Se vi apprestate ad ascoltare questo disco preparatevi a un viaggio musicale dal tratto deciso, la cui originalità non risiede tanto nel carattere “materico” con il quale Roberto Negro plasma il suono scaturito dal suo pianoforte, ma nel respiro compositivo che connota i tredici brani raccolti in questo lavoro.
Nato trentasette anni fa a Torino, questo pianista e compositore è cresciuto a Kinshasa per spostarsi, adolescente, prima a Ginevra e poi a Grenoble, per approdare infine a Parigi, sua città d’elezione. Un percorso che ha permesso a Negro di maturare una personalità che appare ben tratteggiata da questa prima prova discografica da solista, un’esperienza creativa che gli ha permesso di percorrere in lungo e in largo il variegato orizzonte di stili e generi che ispira la sua vena compositiva.
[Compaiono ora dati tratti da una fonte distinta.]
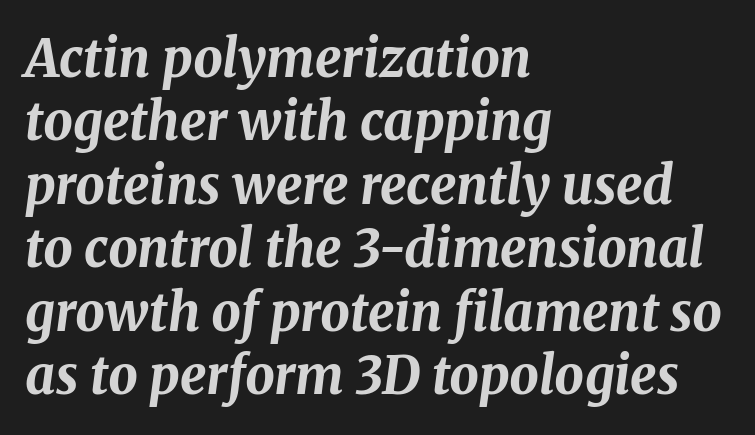
The image shows 52 px bold type, italic (leaning right); set left-aligned, line spacing 1.22x, normal letter spacing, not underlined; medium stroke contrast and a medium x-height.
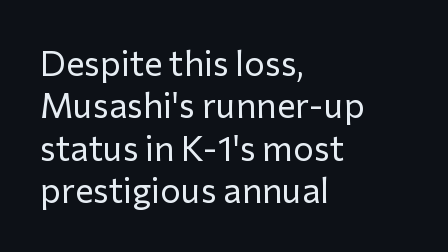
Q: Is the text bold? A: No.
Q: Is the text italic (slanted)? A: No, it is upright.
Q: Is the typeface a serif or a sans-serif typeface? A: Sans-serif.
Q: Is the text underlined? A: No.
Q: How is the paragraph aligned? A: Left-aligned.
Q: Is the spacing between letters normal or unusually wide? A: Normal.
Q: Width (condensed, normal, or wide)? A: Normal.
Q: Stroke contrast? A: Low.
Q: x-height? A: Medium.
Q: Monospaced? A: No.
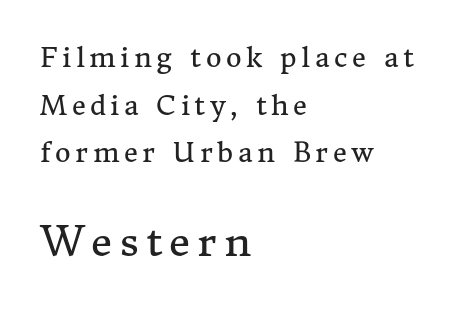
The image shows 41 px regular-weight serif type, upright; set left-aligned, line spacing 1.76x, not underlined; the second (bottom) block is 1.52x larger; medium stroke contrast and a medium x-height.
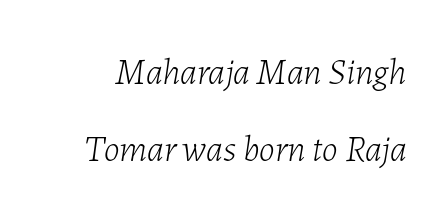
This sample has the flowing, uneven cadence of proportional lettering. Does the lettering tilt? It does — this is italic. Words float on clear page, feet unadorned. Compared with typical paragraphs, the rows here are farther apart.

L’impressione che ci rimane dopo aver attraversato, brano dopo brano, il percorso di ascolto di questo lavoro è il gusto solido e concreto di un musicista che ha saputo miscelare il pianoforte preparato di John Cage all’espressionismo pianistico di inizio Novecento, certa retorica art-rock, distribuita qua e là con latente ironia, a ritmiche reiterate tra accennato minimalismo e punk edulcorato.
Su questo magma sonoro cangiante, impastato di elettronica e scarti ritmici, ora più addensato ora maggiormente disteso, di tanto in tanto affiora l’ombra di un pianismo alla Bill Evans che ingentilisce il tutto. Tra i brani più riusciti citiamo “François il Riformista”, “Boboto”, la curiosa “Quin il Leghista” e le giocose “Il Gattopardo” e “Scaramouche”, questi ultimi pastiche stilistici il cui leggero sarcasmo viene rafforzato anche dalle note del libretto che accompagna il disco, grazie alle quali veniamo rassicurati del fatto che «nessun pianoforte è stato ferito durante la registrazione». (© Gazzetta di Parma)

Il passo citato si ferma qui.